**Problem description:**
Scan the material below for the word "version", then copy every line in which it appears.

**Study material:**

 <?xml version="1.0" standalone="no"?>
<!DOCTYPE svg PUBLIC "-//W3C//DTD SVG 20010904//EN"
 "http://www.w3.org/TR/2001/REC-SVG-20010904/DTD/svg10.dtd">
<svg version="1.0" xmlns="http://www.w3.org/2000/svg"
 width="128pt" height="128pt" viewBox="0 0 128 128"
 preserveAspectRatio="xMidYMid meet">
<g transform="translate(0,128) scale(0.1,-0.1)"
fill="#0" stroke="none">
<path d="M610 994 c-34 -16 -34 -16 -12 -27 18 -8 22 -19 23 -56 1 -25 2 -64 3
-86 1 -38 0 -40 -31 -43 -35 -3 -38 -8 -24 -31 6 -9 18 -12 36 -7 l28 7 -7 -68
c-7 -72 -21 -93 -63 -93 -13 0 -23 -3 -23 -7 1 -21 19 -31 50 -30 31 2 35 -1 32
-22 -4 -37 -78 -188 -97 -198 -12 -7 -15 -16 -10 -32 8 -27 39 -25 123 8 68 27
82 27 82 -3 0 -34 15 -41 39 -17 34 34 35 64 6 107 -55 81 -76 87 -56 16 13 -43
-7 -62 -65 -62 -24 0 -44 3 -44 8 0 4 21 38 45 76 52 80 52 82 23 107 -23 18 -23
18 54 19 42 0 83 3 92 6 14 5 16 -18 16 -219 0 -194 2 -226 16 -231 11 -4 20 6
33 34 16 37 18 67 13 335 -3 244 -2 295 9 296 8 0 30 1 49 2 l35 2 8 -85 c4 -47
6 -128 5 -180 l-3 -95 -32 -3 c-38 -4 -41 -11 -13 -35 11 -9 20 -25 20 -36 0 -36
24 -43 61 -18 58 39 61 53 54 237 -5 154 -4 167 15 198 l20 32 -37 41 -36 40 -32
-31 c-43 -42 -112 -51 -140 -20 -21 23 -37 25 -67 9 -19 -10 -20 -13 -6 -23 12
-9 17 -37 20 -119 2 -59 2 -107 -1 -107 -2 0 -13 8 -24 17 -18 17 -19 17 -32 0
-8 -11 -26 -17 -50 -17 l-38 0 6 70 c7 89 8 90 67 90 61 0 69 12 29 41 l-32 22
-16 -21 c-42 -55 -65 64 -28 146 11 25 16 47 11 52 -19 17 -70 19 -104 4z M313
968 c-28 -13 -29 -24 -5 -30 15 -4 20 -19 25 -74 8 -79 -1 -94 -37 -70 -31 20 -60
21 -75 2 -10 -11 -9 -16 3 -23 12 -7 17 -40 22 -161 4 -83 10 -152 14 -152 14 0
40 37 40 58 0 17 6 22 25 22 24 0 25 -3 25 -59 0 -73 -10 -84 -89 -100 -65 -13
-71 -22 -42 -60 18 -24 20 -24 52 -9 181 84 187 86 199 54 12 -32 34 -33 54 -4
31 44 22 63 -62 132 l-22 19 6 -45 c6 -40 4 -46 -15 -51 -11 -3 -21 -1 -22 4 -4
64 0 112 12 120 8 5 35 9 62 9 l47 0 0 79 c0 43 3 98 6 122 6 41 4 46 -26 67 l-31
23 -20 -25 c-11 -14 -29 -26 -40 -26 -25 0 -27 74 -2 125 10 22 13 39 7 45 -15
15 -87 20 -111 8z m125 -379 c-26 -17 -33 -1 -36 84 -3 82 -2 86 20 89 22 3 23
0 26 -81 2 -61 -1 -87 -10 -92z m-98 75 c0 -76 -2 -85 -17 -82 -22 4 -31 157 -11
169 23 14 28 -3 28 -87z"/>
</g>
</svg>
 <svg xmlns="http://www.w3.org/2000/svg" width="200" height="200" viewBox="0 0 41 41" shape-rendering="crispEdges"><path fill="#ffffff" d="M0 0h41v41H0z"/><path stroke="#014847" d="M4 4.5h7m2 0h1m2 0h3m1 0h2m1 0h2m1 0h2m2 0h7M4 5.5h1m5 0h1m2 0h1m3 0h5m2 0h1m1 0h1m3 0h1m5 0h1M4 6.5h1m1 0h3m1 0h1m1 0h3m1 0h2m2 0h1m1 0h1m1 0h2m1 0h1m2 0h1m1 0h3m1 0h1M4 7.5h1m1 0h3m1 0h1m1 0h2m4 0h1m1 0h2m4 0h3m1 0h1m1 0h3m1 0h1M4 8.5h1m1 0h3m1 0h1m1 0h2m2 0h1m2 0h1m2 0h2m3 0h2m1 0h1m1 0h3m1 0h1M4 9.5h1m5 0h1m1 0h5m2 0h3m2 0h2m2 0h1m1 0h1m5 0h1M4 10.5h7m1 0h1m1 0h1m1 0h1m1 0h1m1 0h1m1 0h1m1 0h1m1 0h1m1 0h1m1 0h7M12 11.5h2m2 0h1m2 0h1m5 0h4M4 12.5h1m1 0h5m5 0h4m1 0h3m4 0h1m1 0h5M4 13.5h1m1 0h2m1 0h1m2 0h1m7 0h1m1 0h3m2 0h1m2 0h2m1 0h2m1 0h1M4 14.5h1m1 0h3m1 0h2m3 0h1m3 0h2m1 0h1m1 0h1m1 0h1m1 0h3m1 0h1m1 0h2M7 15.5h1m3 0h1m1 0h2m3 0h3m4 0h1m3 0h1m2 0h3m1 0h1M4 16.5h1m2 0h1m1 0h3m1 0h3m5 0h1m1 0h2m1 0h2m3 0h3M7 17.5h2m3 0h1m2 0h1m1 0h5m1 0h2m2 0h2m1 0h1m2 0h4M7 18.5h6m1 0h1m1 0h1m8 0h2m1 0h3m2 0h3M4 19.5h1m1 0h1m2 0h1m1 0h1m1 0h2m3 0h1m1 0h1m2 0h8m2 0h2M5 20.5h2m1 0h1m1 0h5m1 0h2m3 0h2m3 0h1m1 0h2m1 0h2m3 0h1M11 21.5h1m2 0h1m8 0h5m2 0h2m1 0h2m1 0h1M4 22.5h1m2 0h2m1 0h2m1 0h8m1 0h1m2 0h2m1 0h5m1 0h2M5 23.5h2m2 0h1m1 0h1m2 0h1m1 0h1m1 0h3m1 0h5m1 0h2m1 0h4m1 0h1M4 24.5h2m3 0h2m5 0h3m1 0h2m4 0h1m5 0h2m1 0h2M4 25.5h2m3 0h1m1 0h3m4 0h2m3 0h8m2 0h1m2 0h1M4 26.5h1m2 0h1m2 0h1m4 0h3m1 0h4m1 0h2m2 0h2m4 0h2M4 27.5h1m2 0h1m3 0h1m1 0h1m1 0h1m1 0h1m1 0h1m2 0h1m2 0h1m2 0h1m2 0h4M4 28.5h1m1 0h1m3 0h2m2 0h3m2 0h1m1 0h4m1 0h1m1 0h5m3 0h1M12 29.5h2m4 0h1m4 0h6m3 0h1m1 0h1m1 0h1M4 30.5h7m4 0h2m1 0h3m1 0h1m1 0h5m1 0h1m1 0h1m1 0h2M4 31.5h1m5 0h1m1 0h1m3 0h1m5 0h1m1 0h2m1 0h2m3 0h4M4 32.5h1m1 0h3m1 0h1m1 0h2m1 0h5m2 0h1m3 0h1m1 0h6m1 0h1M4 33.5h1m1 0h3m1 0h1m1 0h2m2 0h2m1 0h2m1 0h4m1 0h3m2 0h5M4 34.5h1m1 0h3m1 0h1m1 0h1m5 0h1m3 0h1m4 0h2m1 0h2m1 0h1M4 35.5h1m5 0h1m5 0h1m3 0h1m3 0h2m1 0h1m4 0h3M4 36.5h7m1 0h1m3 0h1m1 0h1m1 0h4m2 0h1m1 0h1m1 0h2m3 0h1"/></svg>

**Result below:**
 <?xml version="1.0" standalone="no"?>
<svg version="1.0" xmlns="http://www.w3.org/2000/svg"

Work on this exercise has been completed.